Loop Computations

Loop computation works on each member of a sequence, or each record of a table sequence and a record sequence. esProc provides simple loop functions to perform the computation, without having to use the loop statements.

2.9.1 Returned results and relative reference

In performing loop computation on a sequence, you can reference each member of the sequence through a parameter of the loop function. “~” is used to represent a member handled currently, or base member; “#” is used to represent ordinal number of this current member.

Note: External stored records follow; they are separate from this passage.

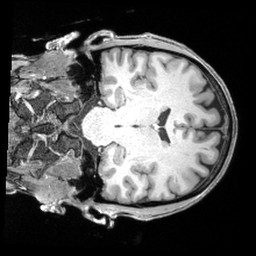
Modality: T1w
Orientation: coronal
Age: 46
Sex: male
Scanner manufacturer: siemens
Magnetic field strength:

When calculating a table sequence or a record sequence by loop, you can directly use the field name F to reference the field value of the current record. Note: For a record sequence, the prerequisite for referencing value of a certain field F is that all records must have this field F. You can use ~.F, r.F or A.F to specify record r, and record sequence (or table sequence) A, to which the referenced field belongs.

Special Note: If there is a namesake variable in the memory, the simplified form of referencing the field by a loop function should be avoided. The complete form, ~.F or A.F is required because an F alone could be interpreted as the namesake variable. 

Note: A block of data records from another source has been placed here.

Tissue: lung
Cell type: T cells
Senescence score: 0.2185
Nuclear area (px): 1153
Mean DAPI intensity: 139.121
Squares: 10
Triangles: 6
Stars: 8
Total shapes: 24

Creating a sequence with results

Compute each member of sequence A by loop and return a new sequence composed of the results. The computation can be realized using function A.(x). For example:

 

A

1

[2,5,-3,8]

2

=A1.()

3

=A1.(#*#)

4

=A1.(power(~,3))

Because A2’s function doesn’t specify a loop expression, it returns the sequence in A1 directly. A3 generates a new sequence composed of the square values of ordinal numbers. And A4 generates a new sequence composed of the powers of members. The results of A1, A2, A3 and A4 are as follows:

 

 

Among these results, the sequences in A1 and A2 are same, while those in A3 and A4 are newly-created with the computed results.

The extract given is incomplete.